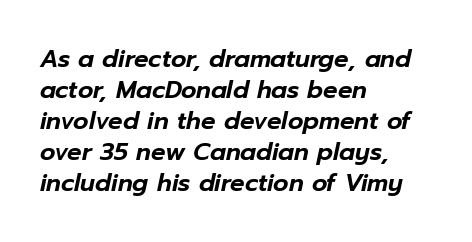
{"italic": "yes", "lean": "right", "slant_degrees": 12, "underline": "no", "align": "left", "line_spacing": "normal", "line_spacing_ratio": 1.29, "letter_spacing": "normal", "letter_spacing_em": 0.0, "glyph_px": 24}
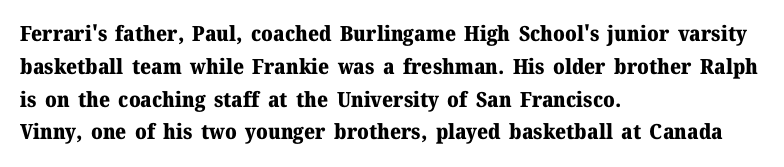
Weight check: bold — yes, fully. This rendering features lettering with no underline. This is the regular roman posture of the typeface. Is there much room between lines? A standard amount, neither cramped nor airy. No extra tracking has been applied to these lines. The rag falls on the right side of this text block.
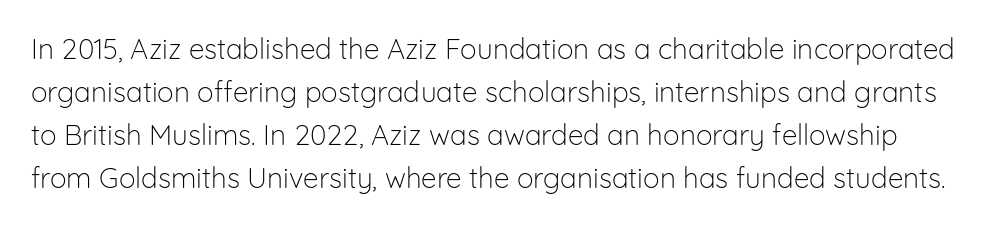
{"serif": "no", "italic": "no", "bold": "no", "weight": "light", "width": "normal", "stroke_contrast": "low", "x_height": "medium", "monospaced": "no", "underline": "no", "line_spacing": "normal", "line_spacing_ratio": 1.54, "letter_spacing": "normal", "letter_spacing_em": 0.0, "glyph_px": 28}

==============================

### WHAT YOU NEED TO DO:
Having located the line with "Weight check: bold", transcribe exactly and only the lines from it to the final line of the material, skipping the pictures.

### YOUR RESPONSE:
Weight check: bold — yes, fully. This rendering features lettering with no underline. This is the regular roman posture of the typeface. Is there much room between lines? A standard amount, neither cramped nor airy. No extra tracking has been applied to these lines. The rag falls on the right side of this text block.
{"serif": "no", "italic": "no", "bold": "no", "weight": "light", "width": "normal", "stroke_contrast": "low", "x_height": "medium", "monospaced": "no", "underline": "no", "line_spacing": "normal", "line_spacing_ratio": 1.54, "letter_spacing": "normal", "letter_spacing_em": 0.0, "glyph_px": 28}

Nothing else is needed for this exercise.